▸ ABOUT THIS TASK
Return, verbatim and in full, the records that follow, but not their pictures.

↓↓↓

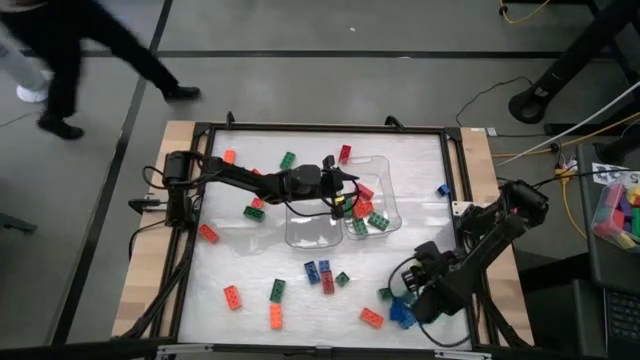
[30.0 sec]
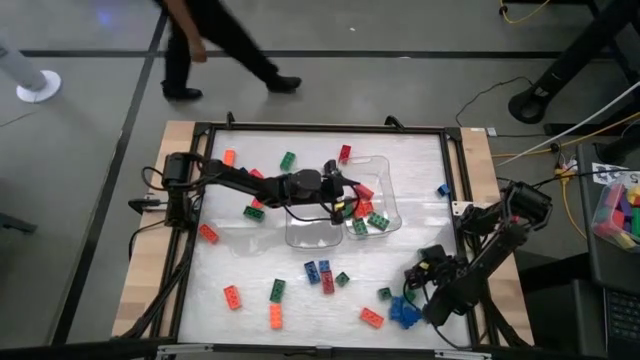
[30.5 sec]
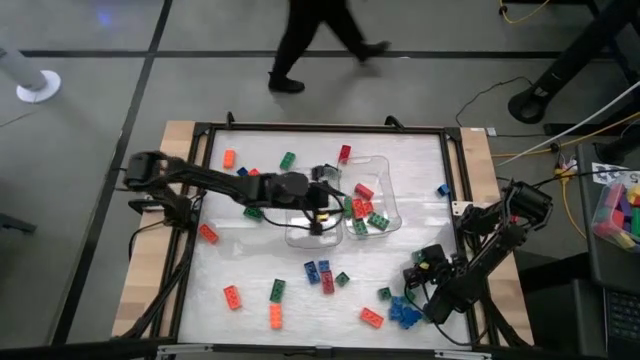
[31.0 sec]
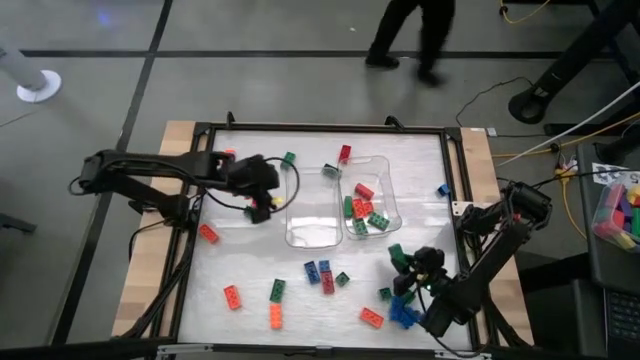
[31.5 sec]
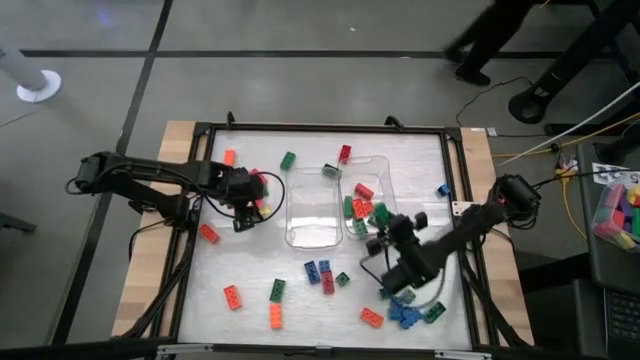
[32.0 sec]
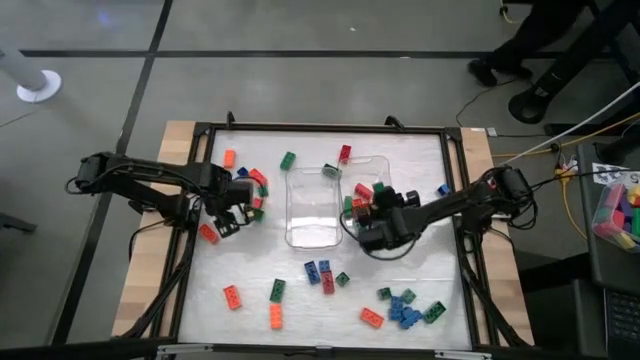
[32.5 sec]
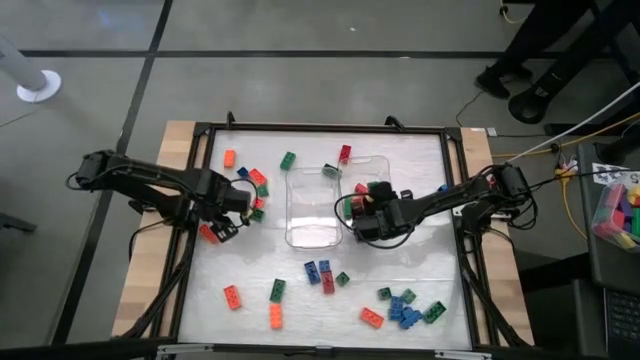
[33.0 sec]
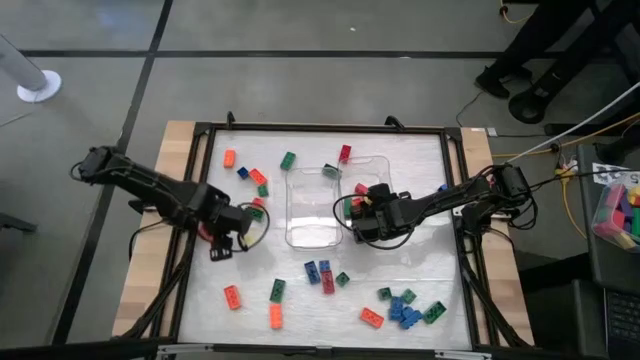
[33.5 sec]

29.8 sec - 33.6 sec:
Task: Sort blocks by size
Put the green rectangular game piece into the right transparent bin

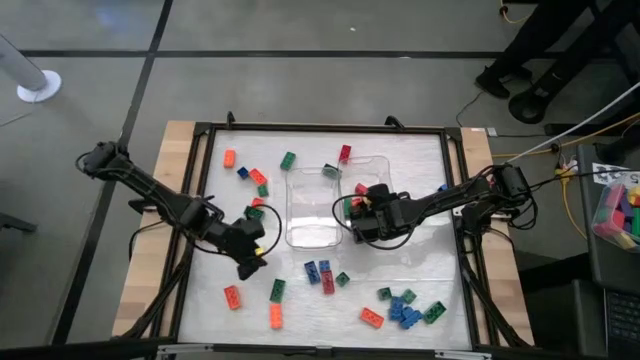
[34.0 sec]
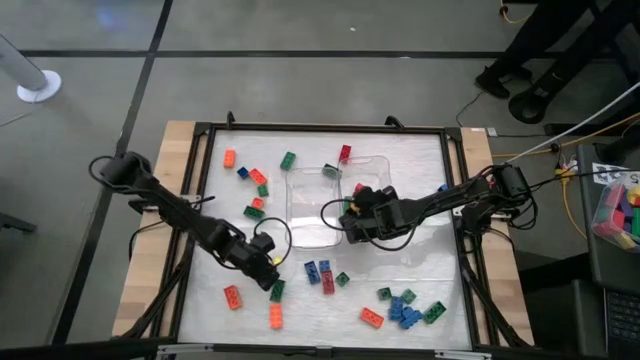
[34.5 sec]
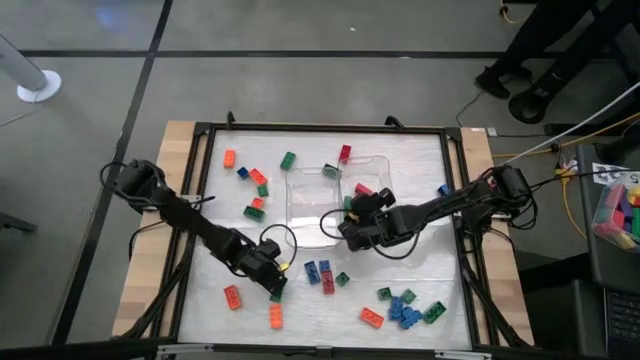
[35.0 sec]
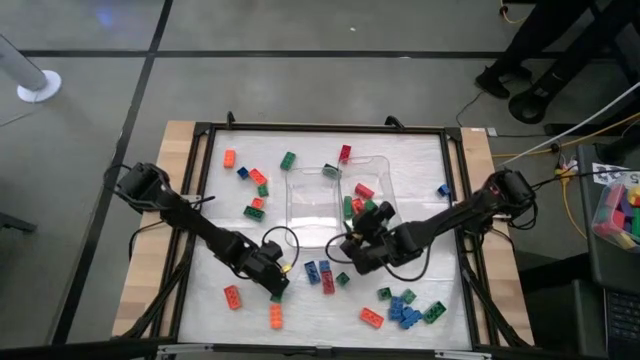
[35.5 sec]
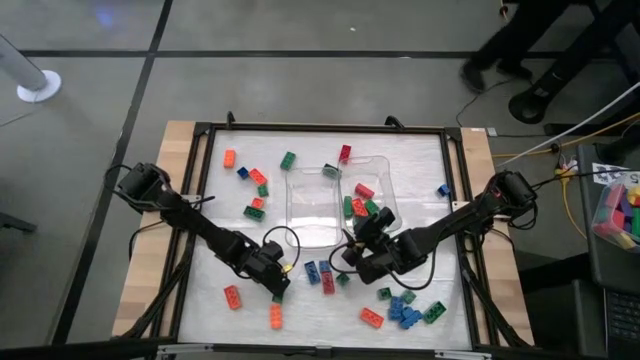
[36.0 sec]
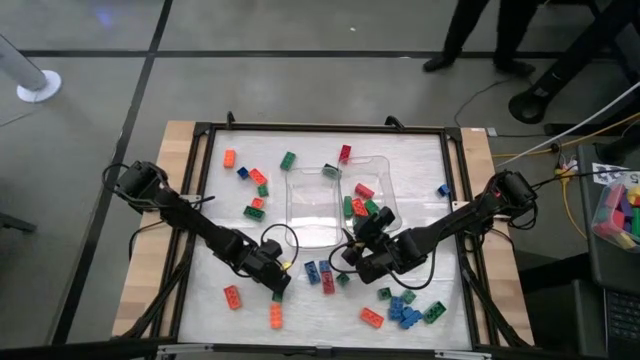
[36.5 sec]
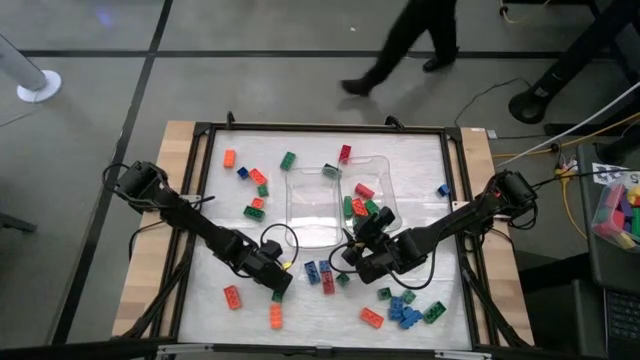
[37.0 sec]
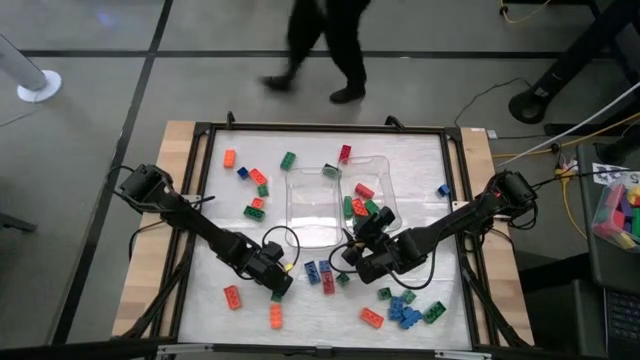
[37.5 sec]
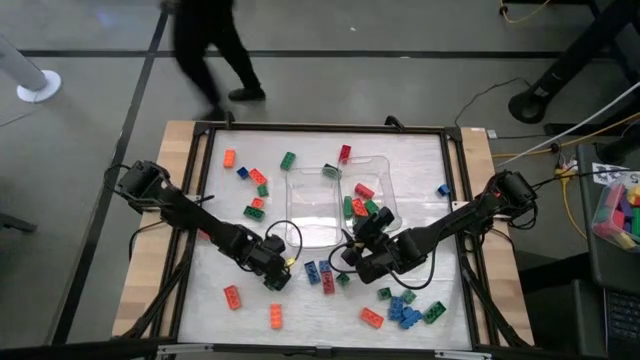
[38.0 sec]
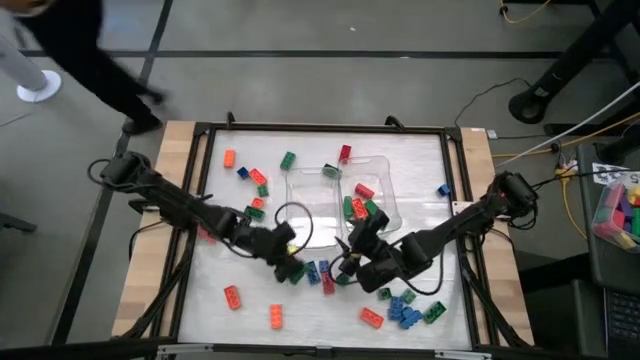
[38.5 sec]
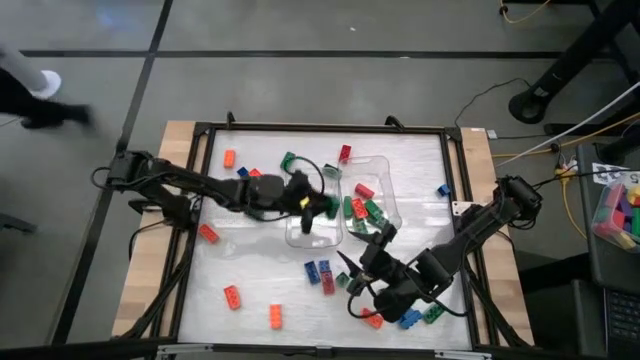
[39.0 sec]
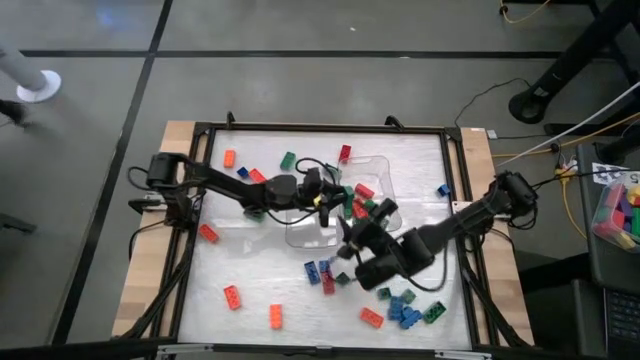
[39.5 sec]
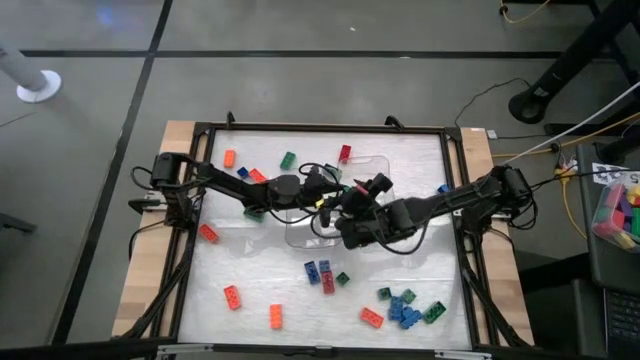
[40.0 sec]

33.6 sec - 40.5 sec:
Put the green rectangular game piece into the right transparent bin

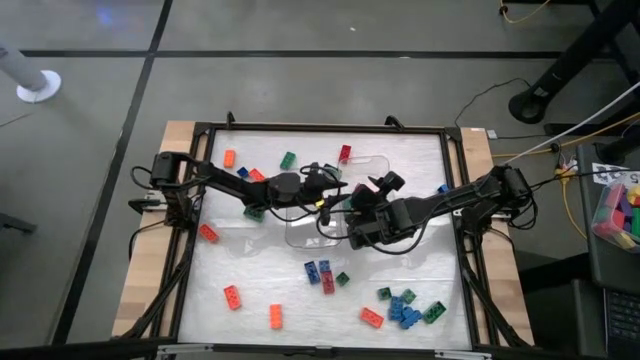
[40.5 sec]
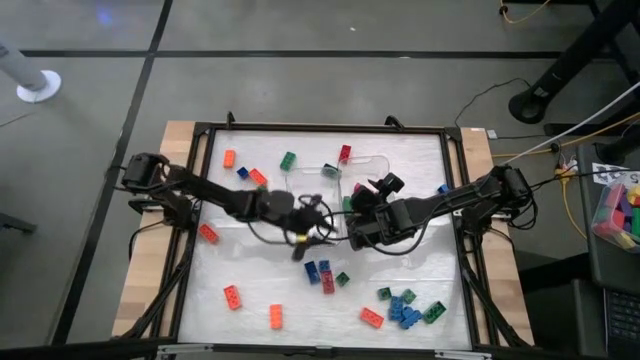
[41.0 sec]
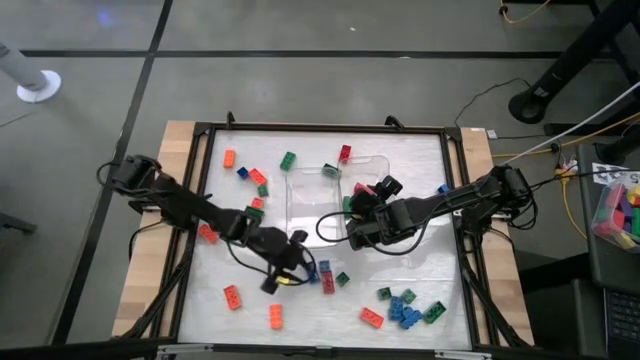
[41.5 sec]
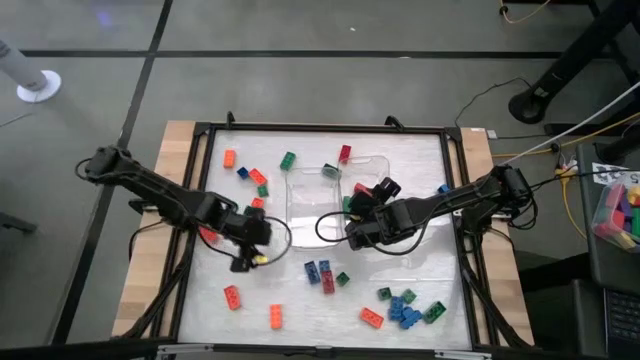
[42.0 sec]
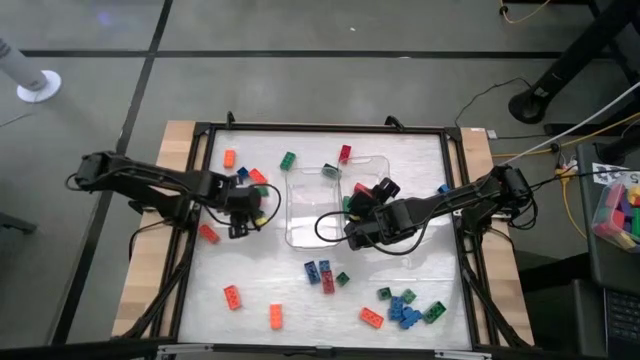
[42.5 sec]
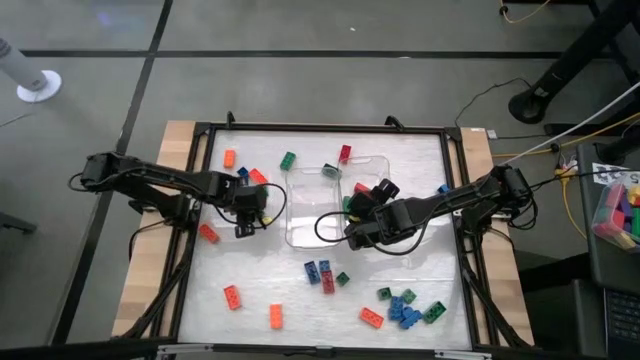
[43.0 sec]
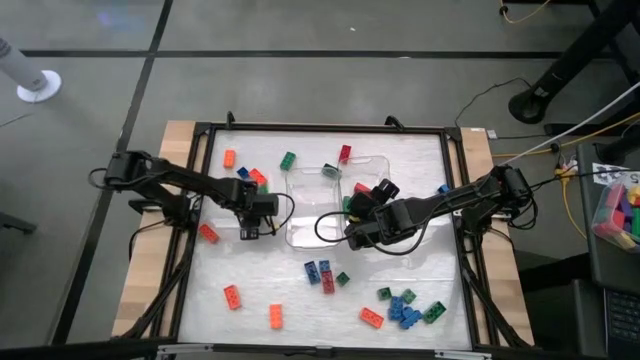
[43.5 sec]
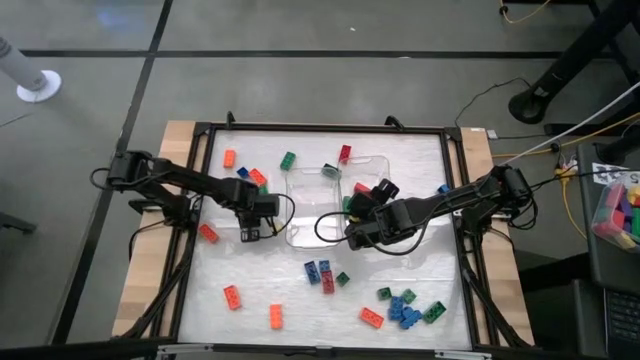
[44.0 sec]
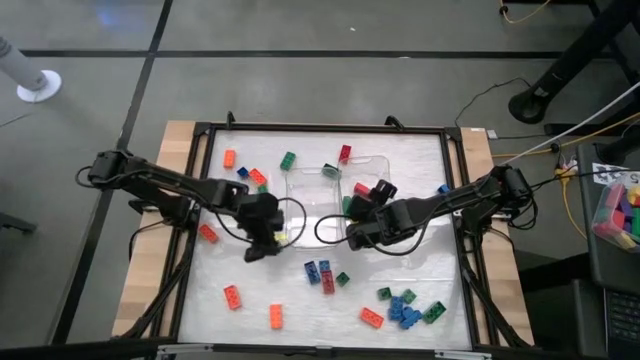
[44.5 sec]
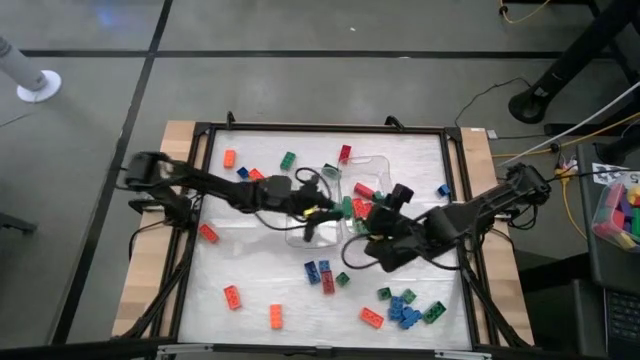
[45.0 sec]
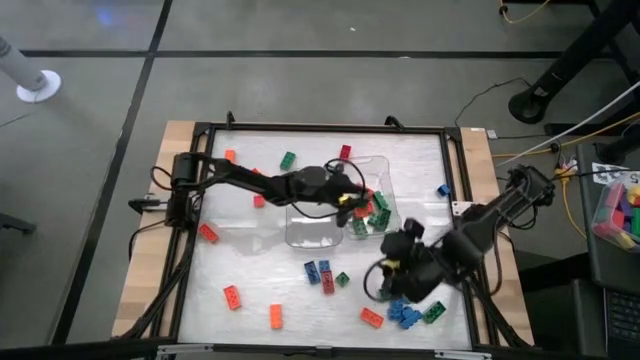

↑↑↑

▸ FINISHED TASK
[30.0 sec]
[30.5 sec]
[31.0 sec]
[31.5 sec]
[32.0 sec]
[32.5 sec]
[33.0 sec]
[33.5 sec]

29.8 sec - 33.6 sec:
Task: Sort blocks by size
Put the green rectangular game piece into the right transparent bin

[34.0 sec]
[34.5 sec]
[35.0 sec]
[35.5 sec]
[36.0 sec]
[36.5 sec]
[37.0 sec]
[37.5 sec]
[38.0 sec]
[38.5 sec]
[39.0 sec]
[39.5 sec]
[40.0 sec]

33.6 sec - 40.5 sec:
Put the green rectangular game piece into the right transparent bin

[40.5 sec]
[41.0 sec]
[41.5 sec]
[42.0 sec]
[42.5 sec]
[43.0 sec]
[43.5 sec]
[44.0 sec]
[44.5 sec]
[45.0 sec]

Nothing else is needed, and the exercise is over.